De ahí que para la mentalidad antigua llegar a viejo fuera, más que una compensación seguida del debido respeto social, el reaseguro de un tránsito apacible del mundo de los vivos al reino de los muertos. La cultura antigua proponía dos formas de existencia a imitar: la de los héroes, que disfrutan de una vida breve y vertiginosa como el destino de Aquiles, y la de los ancianos venerables que aprenden a vivir callados y ocultos, tal como promueve el ideal del hombre estoico.
Señala la publicación que, nuestra tradición cultural ha rendido durante siglos un culto casi religioso a ambos arquetipos, el héroe y el anciano. El primero cifra la heroicidad en el arrojo que permite afrontar los riesgos y vicisitudes de la vida y forja el carácter.
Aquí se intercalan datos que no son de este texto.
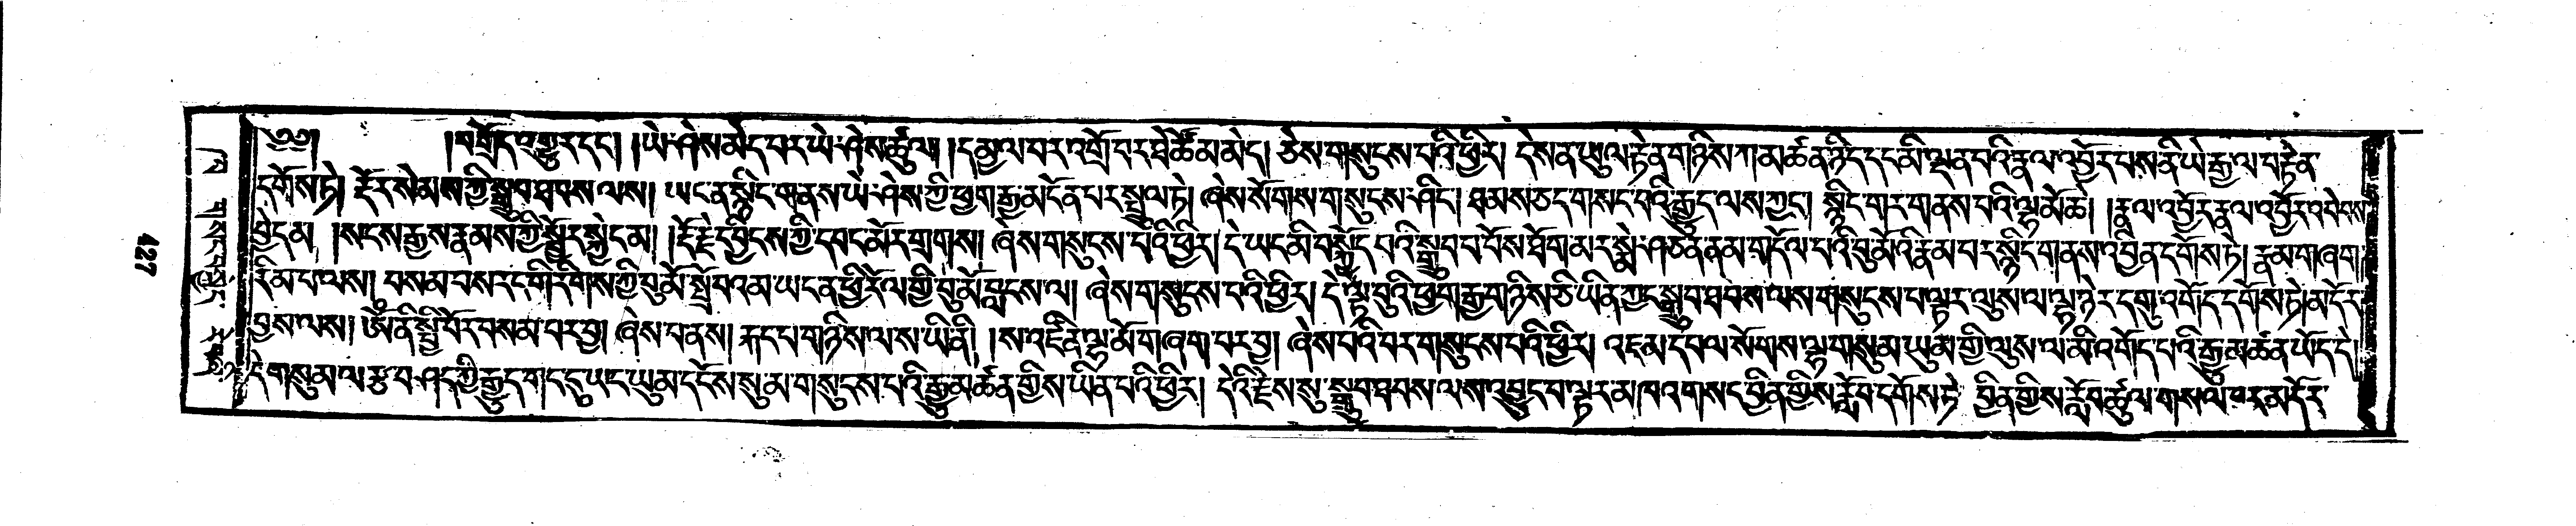༄༅། །བགྲོད་འགྱུར་དང་། །ཡེ་ཤེས་མེད་པར་ཡེ་ཤེས་ཚུལ། །དམྱལ་བར་འགྲོ་བར་ཐེ་ཚོམ་མེད། ཅེས་གསུངས་པའི་ཕྱིར། དེས་ན་ཡུལ་རྟེན་གཉིས་ཀ་མཚན་ཉིད་དང་མི་ལྡན་པའི་རྣལ་འབྱོར་པས་ནི་ཡེ་རྒྱ་ལ་བརྟེན་
དགོས་ཏེ། རྡོར་སེམས་ཀྱི་སྒྲུབ་ཐབས་ལས། ཡང་ན་སྙིང་གནས་ཡེ་ཤེས་ཀྱི་ཕྱག་རྒྱ་མངོན་པར་སྤྲུལ་ཏེ། ཞེས་སོགས་གསུངས་ཤིང་། ཐམས་ཅད་གསང་བའི་རྒྱུད་ལས་ཀྱང་། སྙིང་གར་གནས་པའི་ལྷ་མོ་ཆེ། །རྣལ་འབྱོར་རྣལ་འབྱོར་འབེབས་
བྱེད་མ། །སངས་རྒྱས་རྣམས་ཀྱི་སྦྱོར་སྐྱེད་མ། །རྡོ་རྗེ་དབྱིངས་ཀྱི་དབང་མོར་གྲགས། ཞེས་གསུངས་པའི་ཕྱིར། དེ་ཡང་མི་བསྐྱོད་པའི་སྒྲུབ་པ་པོས་ཐོག་མར་སྨེ་ཤ་ཅན་ནམ་གདོལ་པའི་བུ་མོའི་རྣམ་པར་སྙིང་གནས་འབྱིན་དགོས་ཏེ། རྣམ་གཞག་
རིམ་པ་ལས། བསམ་པས་རང་གི་རིགས་ཀྱི་བུ་མོ་སྤྲོ་བའམ་ཡང་ན་ཕྱི་རོལ་གྱི་བུ་མོ་བླངས་ལ། ཞེས་གསུངས་པའི་ཕྱིར། དེ་ལྟ་བུའི་ཕྱག་རྒྱ་གཉིས་ཅི་ཡིན་ཀྱང་སྒྲུབ་ཐབས་ལས་གསུངས་པ་ལྟར་ལུས་ལ་ལྷ་ཉེར་དགུ་འགོད་དགོས་ཏེ། མདོར་
བྱས་ལས། ཨོཾ་ནི་སྤྱི་བོར་བསམ་པར་བྱ། ཞེས་པ་ནས། རྐང་པ་གཉིས་ལས་ཡི་ནི། །ས་འཛིན་ལྷ་མོ་གཞག་པར་བྱ། ཞེས་པའི་བར་གསུངས་པའི་ཕྱིར། འཇམ་དཔལ་སོགས་ལྷ་གསུམ་ཡུམ་གྱི་ལུས་ལ་མི་འགོད་པའི་རྒྱུ་མཚན་ཡོད་དེ།
དེ་གསུམ་ལ་རྩ་བཤད་ཀྱི་རྒྱུད་གང་དུ་ཡང་ཡུམ་དངོས་སུ་མ་གསུངས་པའི་རྒྱུ་མཚན་གྱིས་ཡིན་པའི་ཕྱིར། དེའི་རྗེས་སུ་སྒྲུབ་ཐབས་ལས་འབྱུང་བ་ལྟར་མཁའ་གསང་བྱིན་གྱིས་རློབ་དགོས་ཏེ། བྱིན་གྱིས་རློབ་ཚུལ་གསལ་བར་མདོར་

El segundo se esgrime como la imagen realizada de la experiencia y la serenidad que, según enseña Séneca, sólo nos llega con la vejez, es decir, cuando nos abandona el deseo carnal y el espíritu consigue finalmente desprenderse de la sensualidad y remontar vuelo.
Para el autor, en suma, para los antiguos sólo merecía la pena morir muy joven o, si no, muy anciano, ya que la vejez, pese a sus inconvenientes, era la edad de la razón en la que sobreviene el definitivo triunfo del espíritu. Sin embargo, no vivimos hoy en tiempos helenísticos, ni renacentistas, ni siquiera en la vieja sociedad burguesa, que también basculaba entre el ideal del prócer y la cultura del patriarca, sino en una sociedad que ha conseguido trascender los antiguos valores tradicionales y se inclina peligrosamente por dar a cada problema de la vida una solución exclusivamente técnica.
No es que se deje a un lado el valor de la experiencia o la tradición que antaño se depositaba en el natural conocimiento de los más viejos, sino que hoy sabemos que ningún sabio, por memorioso o agudo que sea, atesora tanta memoria como un ordenador, como ha podido comprobar un ajedrecista como Gari Kasparov quien, dicho sea de paso, aún pasa por joven. Nuestro ideal colectivo es maquínico y sabido es que a las máquinas, cuando se hacen viejas, se las retira de circulación, se las desguaza para reciclarlas, o bien simplemente se las envía a los depósitos de chatarra para ser destruidas.
Para el profesor, “eso mismo hacemos con nuestros viejos, de ahí que si bien la técnica ha conseguido extender como nunca antes los límites de la vida útil, ha equilibrado las dietas y poco a poco va desentrañando todos los secretos de nuestros cuerpos, no parece que haya podido hallar una solución satisfactoria para la vida en la vejez”.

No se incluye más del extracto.